Ted Gorin

Personal information
- Full name: Edward Rosser Gorin
- Date of birth: 2 March 1924
- Place of birth: Cardiff, Wales
- Date of death: 30 May 2013 (aged 89)
- Place of death: Cardiff, Wales
- Position(s): Forward

Senior career*
- Years: Team / Apps / (Gls)
- 1948–1950: Cardiff City / 6 / (2)
- 1950–1951: Scunthorpe United / 26 / (12)
- 1951–1952: Shrewsbury Town / 18 / (3)

= Ted Gorin =

Welsh footballer

Edward Rosser Gorin (2 March 1924 – 30 May 2013) was a Welsh professional footballer who played as a forward. After being spotted playing amateur football, he signed for Cardiff City in 1948 where he made his professional debut. He was sold to Scunthorpe United in 1950, and scored the club's first-ever goal in the Football League. He later joined Shrewsbury Town where he finished his professional career at the age of 27.

==Early life==
Gorin was born in Cardiff, but was initially raised in Saundersfoot in West Wales. His family returned to Cardiff, settling in the Canton area of the city, and Gorin attended Grange National School and later Howard Garden's Grammar School. After leaving school, he worked as a print setter for the South Wales Echo and the Western Mail. During World War II, he was recruited to the Royal Corps of Signals.

==Career==
After finishing his service, Gorin returned to his job with the Western Mail and began playing football for local amateur side Grange Albion. He finished as the club's top goalscorer for two consecutive seasons and his form prompted Football League Second Division side Cardiff City to sign him in October 1948. He made his professional debut for the club on 27 November 1948, playing in a 1–0 victory over Coventry City. He scored his first goal in his second appearance, a 2–2 draw with Leicester City on 11 December 1948, but only made two further appearances during the 1948–49 season, both coming in the Welsh Cup.

The following season, Gorin again struggled to break into the first team, making his first appearances of the season in consecutive 1–0 defeats to Barnsley and West Ham United in November 1949. He made three further appearances during the season, scoring in his final match for the club during a 1–1 draw with Hull City on the final day of the season.

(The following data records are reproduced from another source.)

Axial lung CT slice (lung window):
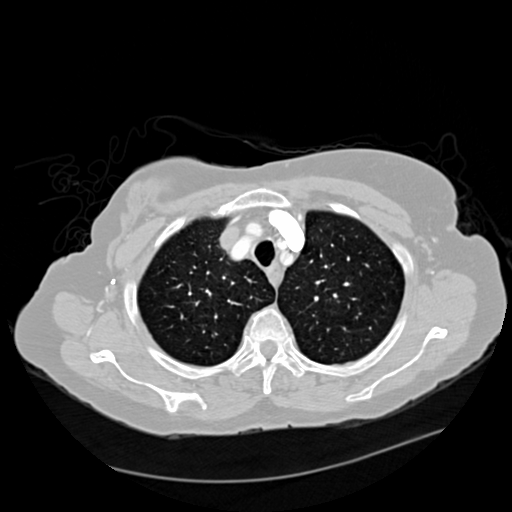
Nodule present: no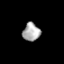
Tissue: lung
Cell type: Others
Senescence score: 0.157
Nuclear area (px): 303
Mean DAPI intensity: 172.267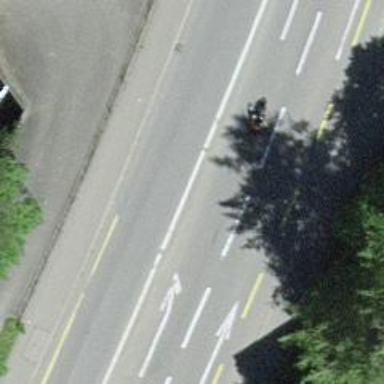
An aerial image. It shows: Primary highway with separate sidewalks and cycle lanes on both sides. The surface of the road is asphalt.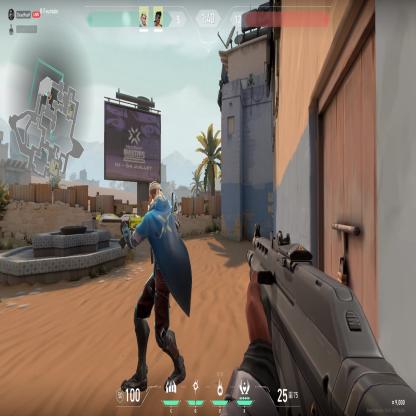
Label: teammate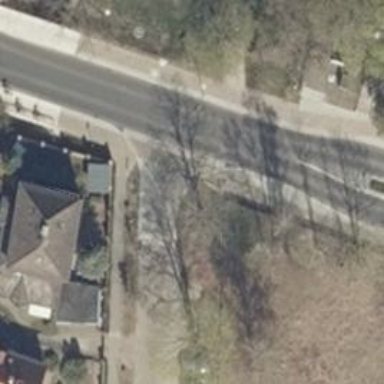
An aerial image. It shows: Table-style traffic calming feature.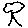
Label: tree
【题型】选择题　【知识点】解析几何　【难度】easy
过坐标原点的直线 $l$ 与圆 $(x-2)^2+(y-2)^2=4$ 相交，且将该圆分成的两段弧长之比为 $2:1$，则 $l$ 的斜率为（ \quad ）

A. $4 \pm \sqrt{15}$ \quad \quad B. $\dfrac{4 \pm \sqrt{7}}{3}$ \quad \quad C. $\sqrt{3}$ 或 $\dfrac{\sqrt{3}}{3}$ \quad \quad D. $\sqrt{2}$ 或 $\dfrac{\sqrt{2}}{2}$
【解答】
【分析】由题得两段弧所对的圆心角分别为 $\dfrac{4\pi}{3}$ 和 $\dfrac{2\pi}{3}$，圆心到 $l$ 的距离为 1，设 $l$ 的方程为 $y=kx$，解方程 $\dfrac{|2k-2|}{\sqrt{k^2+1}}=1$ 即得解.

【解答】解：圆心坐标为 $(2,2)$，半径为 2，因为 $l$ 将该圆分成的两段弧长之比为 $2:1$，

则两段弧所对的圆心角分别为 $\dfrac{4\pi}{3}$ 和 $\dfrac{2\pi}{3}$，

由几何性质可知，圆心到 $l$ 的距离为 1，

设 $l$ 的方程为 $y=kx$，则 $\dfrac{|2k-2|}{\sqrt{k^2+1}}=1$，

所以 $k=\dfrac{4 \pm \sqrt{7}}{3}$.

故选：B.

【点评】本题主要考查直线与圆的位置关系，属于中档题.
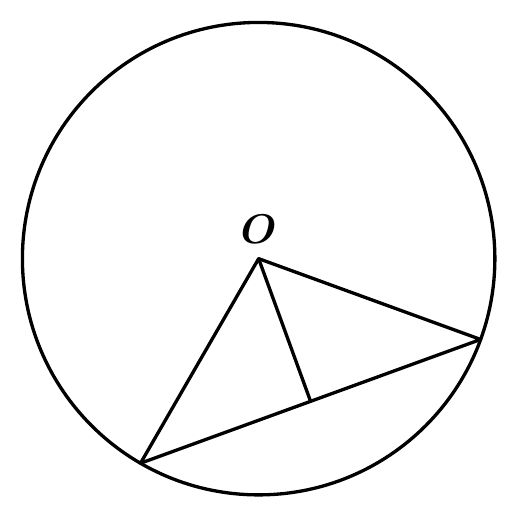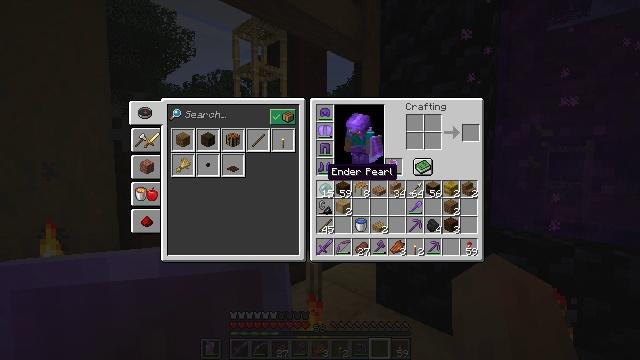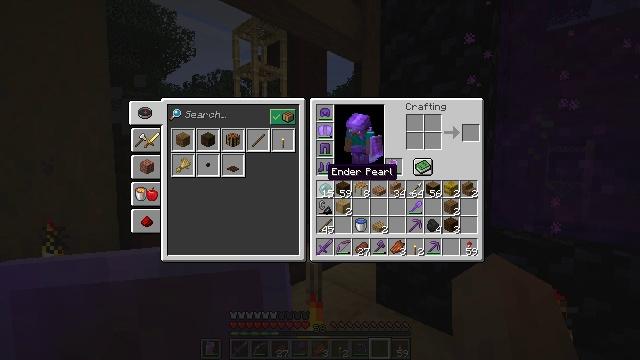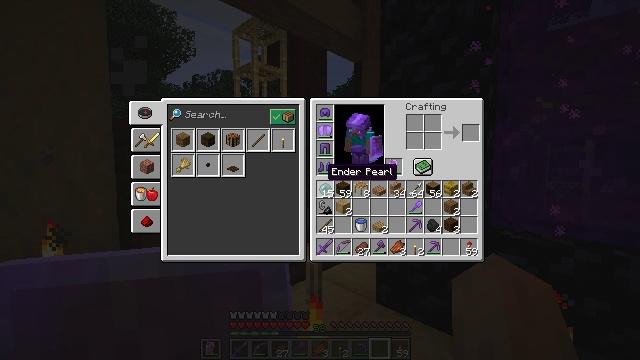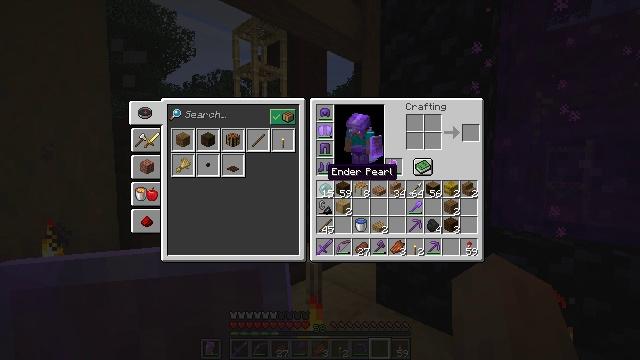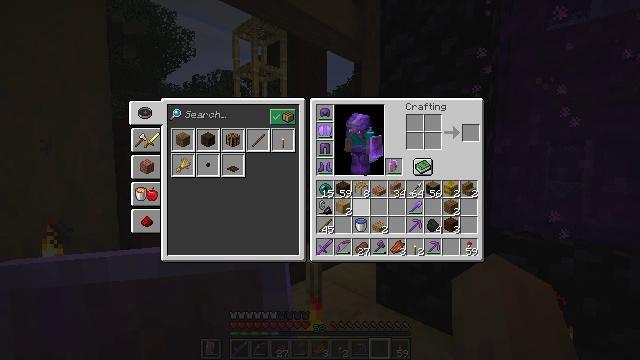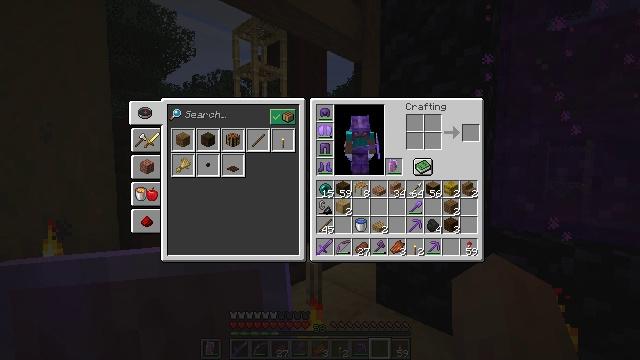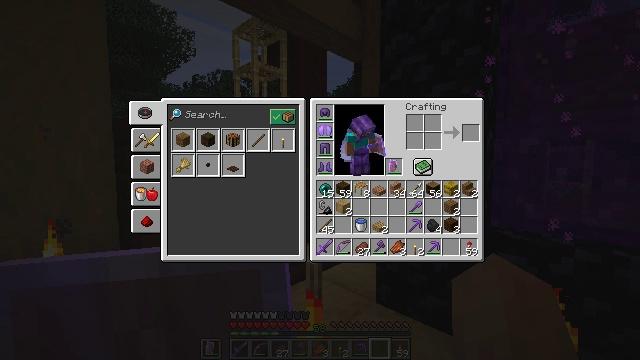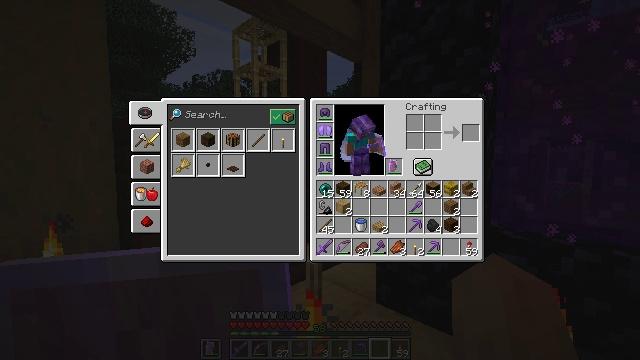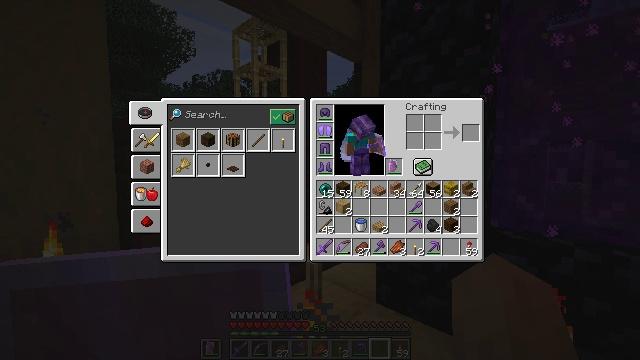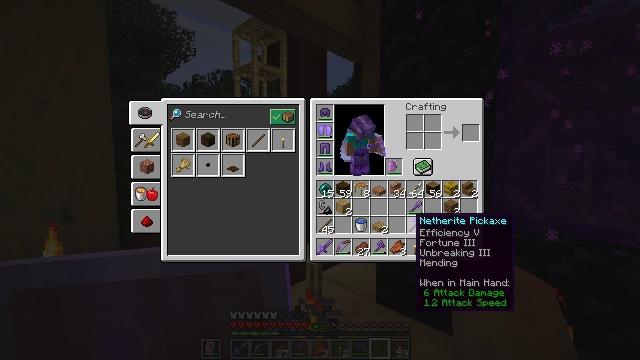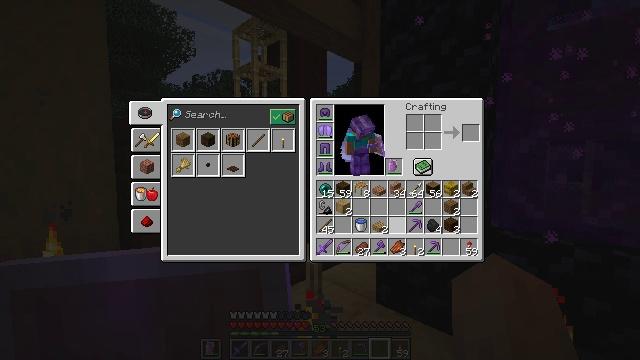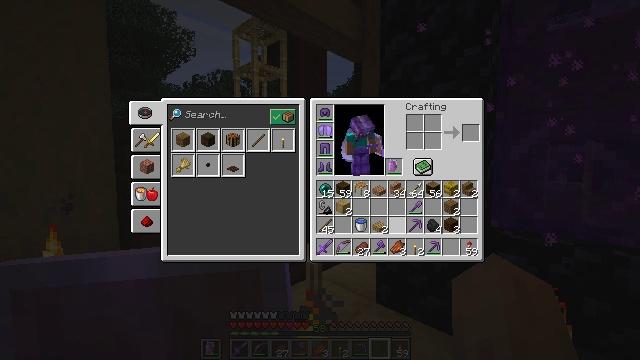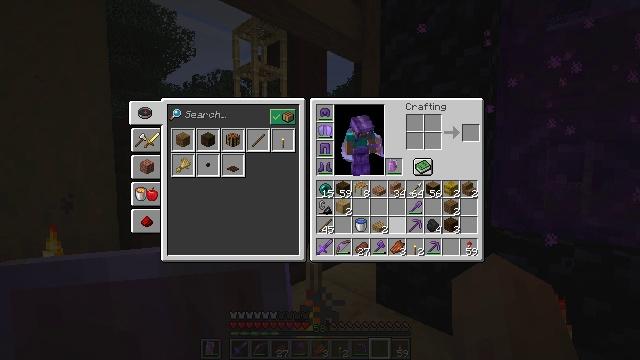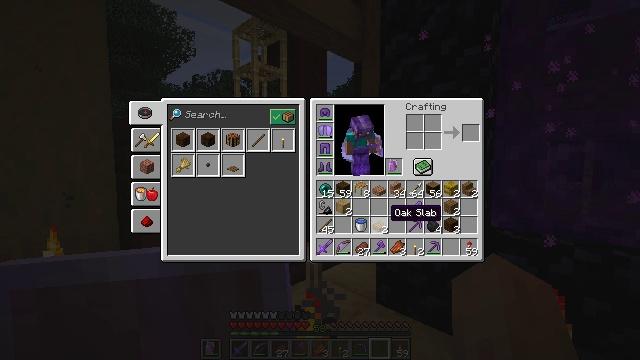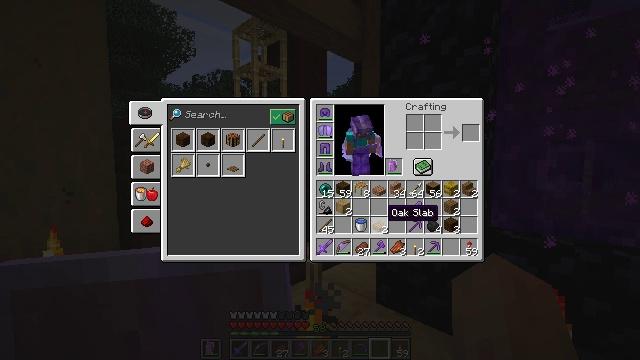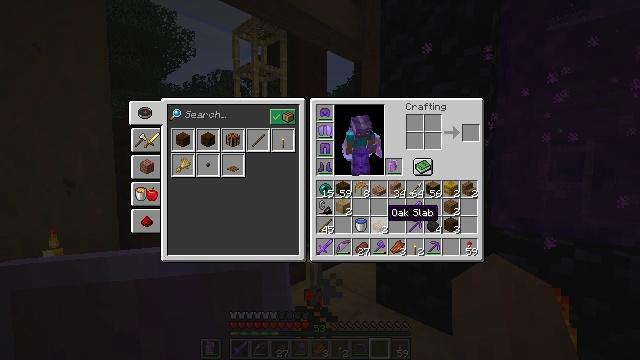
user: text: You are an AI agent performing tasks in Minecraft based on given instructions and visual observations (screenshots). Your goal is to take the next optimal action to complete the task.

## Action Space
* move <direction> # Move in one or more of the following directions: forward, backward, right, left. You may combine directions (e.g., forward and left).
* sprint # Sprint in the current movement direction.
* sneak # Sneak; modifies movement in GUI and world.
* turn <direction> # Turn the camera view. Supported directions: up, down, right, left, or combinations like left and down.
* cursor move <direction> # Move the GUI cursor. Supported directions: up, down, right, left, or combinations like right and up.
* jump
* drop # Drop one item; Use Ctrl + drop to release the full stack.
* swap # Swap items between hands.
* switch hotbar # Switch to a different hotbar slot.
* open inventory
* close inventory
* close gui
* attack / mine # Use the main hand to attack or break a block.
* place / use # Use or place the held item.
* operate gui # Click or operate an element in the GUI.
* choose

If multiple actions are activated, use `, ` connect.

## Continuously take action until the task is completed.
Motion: motion action
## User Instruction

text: Mine dark oak stairs from a structure.
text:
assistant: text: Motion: no_op
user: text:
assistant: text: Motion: no_op
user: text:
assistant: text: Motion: no_op
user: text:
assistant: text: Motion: turn right and down
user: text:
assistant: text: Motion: turn right and down
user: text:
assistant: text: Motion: no_op
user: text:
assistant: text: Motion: no_op
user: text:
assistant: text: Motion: no_op
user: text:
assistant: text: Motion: turn left
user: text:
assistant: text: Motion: turn left
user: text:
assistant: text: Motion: no_op
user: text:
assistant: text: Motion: no_op
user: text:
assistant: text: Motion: no_op
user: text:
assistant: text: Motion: no_op
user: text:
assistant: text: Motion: no_op
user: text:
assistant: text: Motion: no_op
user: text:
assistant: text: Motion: no_op
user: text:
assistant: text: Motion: no_op
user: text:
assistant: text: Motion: no_op
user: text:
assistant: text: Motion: sneak
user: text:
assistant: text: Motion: sneak
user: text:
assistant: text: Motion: sneak
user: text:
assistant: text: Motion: sneak
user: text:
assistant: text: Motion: sneak
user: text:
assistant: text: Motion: sneak
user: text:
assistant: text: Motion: sneak
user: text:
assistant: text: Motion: sneak
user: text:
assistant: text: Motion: sneak
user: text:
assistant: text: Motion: sneak
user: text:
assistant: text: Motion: sneak

He signed for Scunthorpe United, newly elected to the Football League, in July 1950 with manager Leslie Jones paying £2,500 to bring him to the club. After Scunthorpe drew their first match 0–0, Gorin scored the club's first goal in the Football League during a 2–1 defeat to Lincoln City in their second league match. A month later, he scored the club's first hat-trick in the Football League in a 3–0 victory over Accrington Stanley. He finished the season as the club's leading goalscorer but decided to move to Shrewsbury Town in order to be closer to Wales. However, following the death of his father, Gorin gave up playing at the age of 27 in order to return to Cardiff and care for his mother.

==Personal life==
During his time playing for Cardiff, Gorin met his wife Blodwen Chapman. After moving to Scunthorpe, he was initially stopped from returning home but made an agreement with his manager that if he scored a hat-trick in a match against Accrington Stanley, he would be allowed to visit. Gorin duly obliged and was allowed to visit home after the game. The pair married in 1951.

He was also a keen baseball player, playing for local teams and representing Wales on two occasions, in 1951 and 1954.

After retiring from football, Gorin became the landlord of The Big Windsor pub in Cardiff. He later worked in the same role at the Bird In Hand pub, owned by Brains Brewery, the Gower Hotel and the Romilly. He suffered from dementia in later life and died on 30 May 2013 in Cardiff.